Figure 1: Google Project Sunroof Project

It’s a very cool application of Deep Learning. But let’s assume there “might” be an even better way to estimate solar energy savings. For example, you want to use Deep Learning to estimate how much solar energy we could generate with solar panels on the Golden Gate Bridge (that probably wouldn’t be a very popular decision in San Francisco). The obvious application would be to analyze several photos of the Golden Gate Bridge and estimate clear skies based upon cloud coverage.

However instead of estimating the potential solar energy generation based upon “cloud coverage,” what if we wanted to use “sunlight reflection” to generate the solar energy estimate (see Figure 2)?

Figure 2: Determining Best Predictive Variables for the Golden Gate Bridge

Or maybe you want to test another metric based upon the “sharpness of the shadows” generated by the bridge? Or another metric based upon how many people in the photo are wearing sunglasses? Or yet another metric based upon…

How do you know which of these variables – clouds or reflection or shadows or sunglasses or anything else – is the better predictor of solar energy generation? You try them all!

This thought process highlights an important behavioral trait of the best data scientists; the best data scientists have strong imaginative skills for not just “thinking outside the box” – but actually redefining the box – in trying to find variables and metrics that might be better predictors of performance.

The word “might” is a powerful enabler. “Might” is used to say or indicate that something is possible. It’s a data scientist’s most important concept, because “might” gives the data scientist the license to explore, be wrong, learn and try again.

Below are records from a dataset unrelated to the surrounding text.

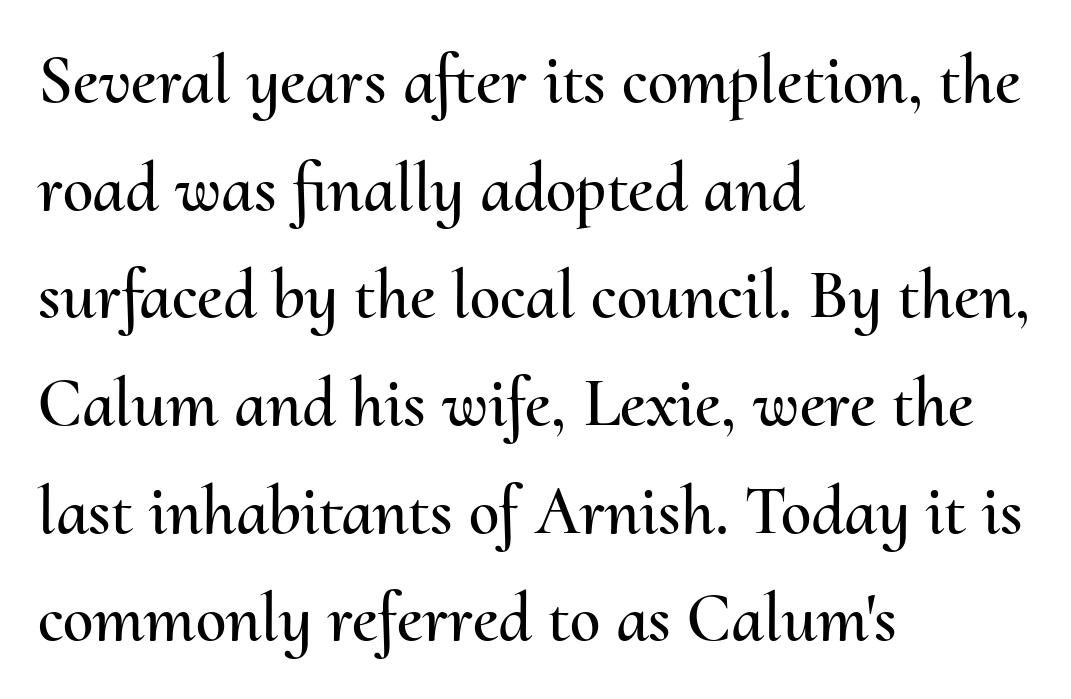
{"italic": "no", "width": "normal", "stroke_contrast": "medium", "x_height": "small", "monospaced": "no", "underline": "no", "align": "left", "line_spacing": "normal", "line_spacing_ratio": 1.56, "letter_spacing": "normal", "letter_spacing_em": 0.0, "glyph_px": 69}
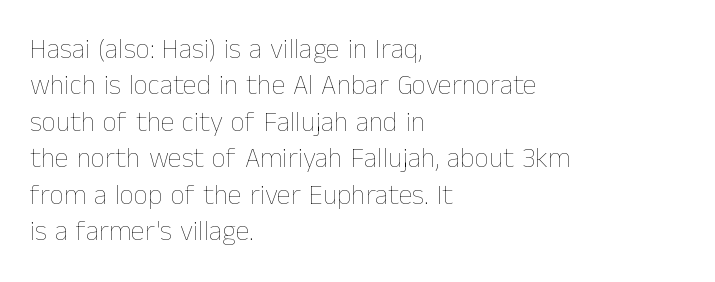
The image shows 28 px thin type, upright; set left-aligned, normal line spacing (1.3x), normal letter spacing, not underlined; low stroke contrast and a medium x-height.
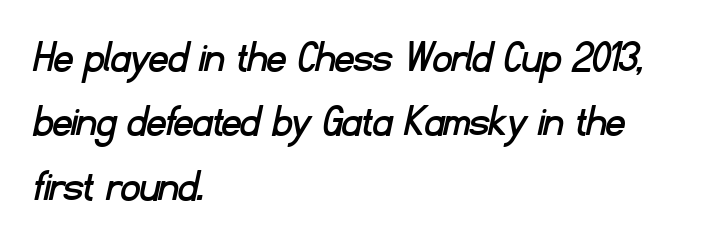
The image shows 47 px sans-serif type; set left-aligned, normal line spacing (1.37x), normal letter spacing, not underlined; low stroke contrast and a small x-height.
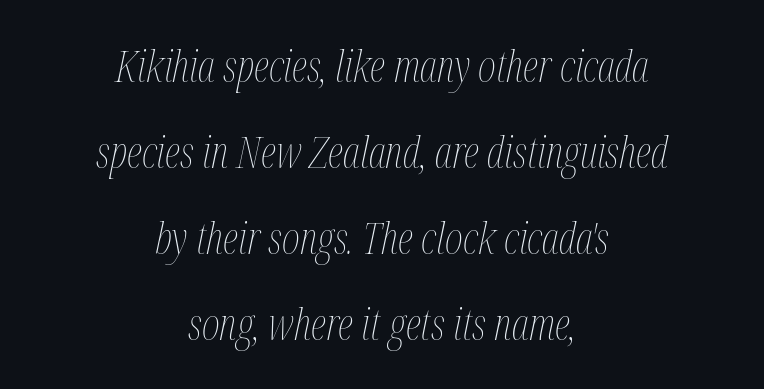
The image shows 43 px thin, condensed type, italic (leaning right); set centered, loose line spacing (2.0x), normal letter spacing, not underlined; medium stroke contrast and a medium x-height.
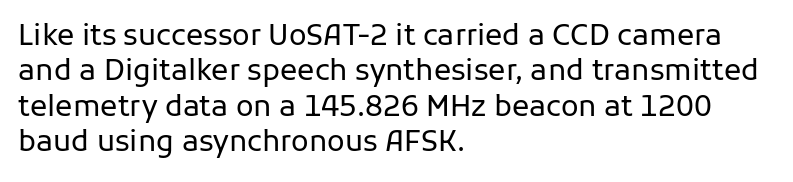
The image shows 29 px regular-weight sans-serif type, upright; set left-aligned, line spacing 1.22x, normal letter spacing, not underlined; low stroke contrast and a medium x-height.
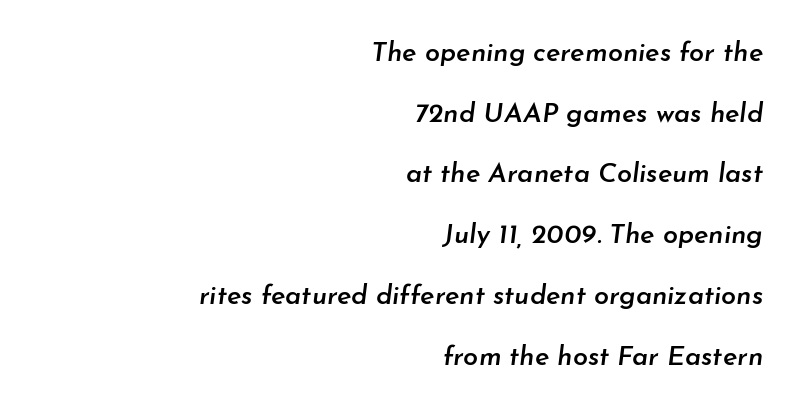
Q: Is the text bold? A: Semi-bold.
Q: Is the text italic (slanted)? A: Yes, it leans right by about 7 degrees.
Q: Is the text underlined? A: No.
Q: How is the paragraph aligned? A: Right-aligned.
Q: Is the spacing between letters normal or unusually wide? A: Normal.
Q: Is the spacing between lines tight, normal or loose? A: Loose.
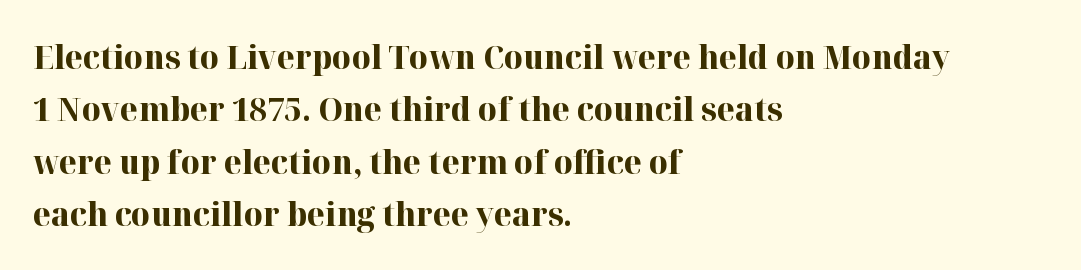
Old-style or modern, the face here clearly has serifs. Proportional: the letters do not fall into vertical columns. Does the leading feel generous? No, just average. No extra tracking has been applied to these lines.
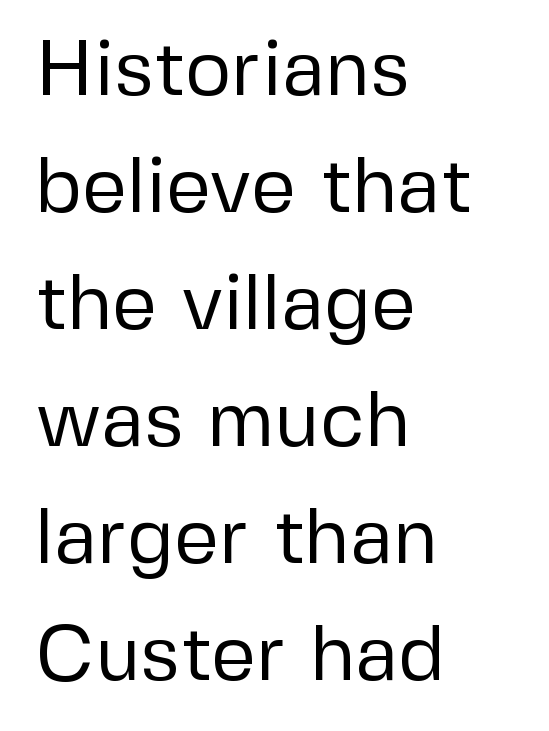
{"serif": "no", "italic": "no", "bold": "no", "weight": "regular", "width": "normal", "stroke_contrast": "low", "x_height": "medium", "monospaced": "no", "underline": "no", "align": "left", "line_spacing": "normal", "line_spacing_ratio": 1.48, "letter_spacing": "normal", "letter_spacing_em": 0.0, "glyph_px": 79}
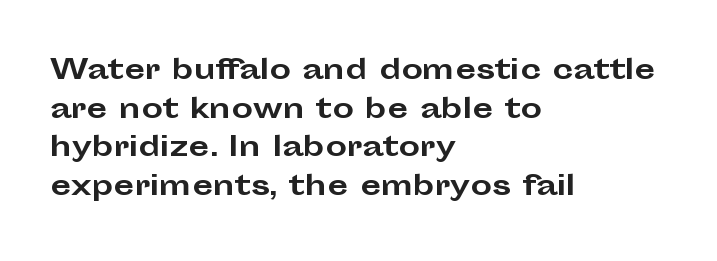
The image shows 27 px bold type, upright; set left-aligned, normal line spacing (1.43x), normal letter spacing, not underlined.
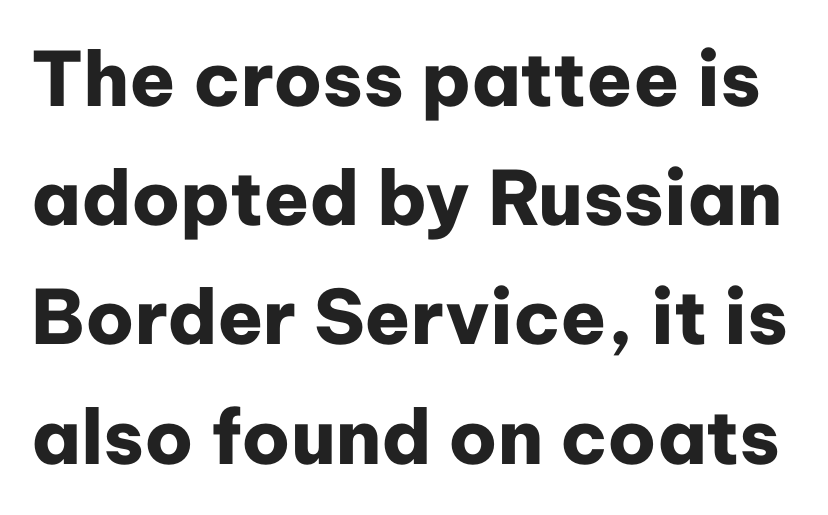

“It Can’t Be Done” Is Not a Data Scientist Term

Andrew Ng, artificial intelligence visionary and fearless leader for many of us, wrote a recent article titled, “What Artificial Intelligence Can and Can’t Do Right Now.” In the article, Andrew states the following:

“Surprisingly, despite AI’s breadth of impact, the types of it being deployed are still extremely limited. Almost all of AI’s recent progress is through one type, in which some input data (A) is used to quickly generate some simple response (B). For example:”

Figure 3: What Machine Learning Can Do

While the use cases are limited today, the creativity at which data scientists are leveraging Big Data and existing Machine Learning and Deep Learning technologies is staggering. Let me give you one example of how data scientists from one of our Services teams at Dell EMC are thinking outside the box, to uncover new ways to help our customers avoid issues in their IT environment and create a more effortless support experience.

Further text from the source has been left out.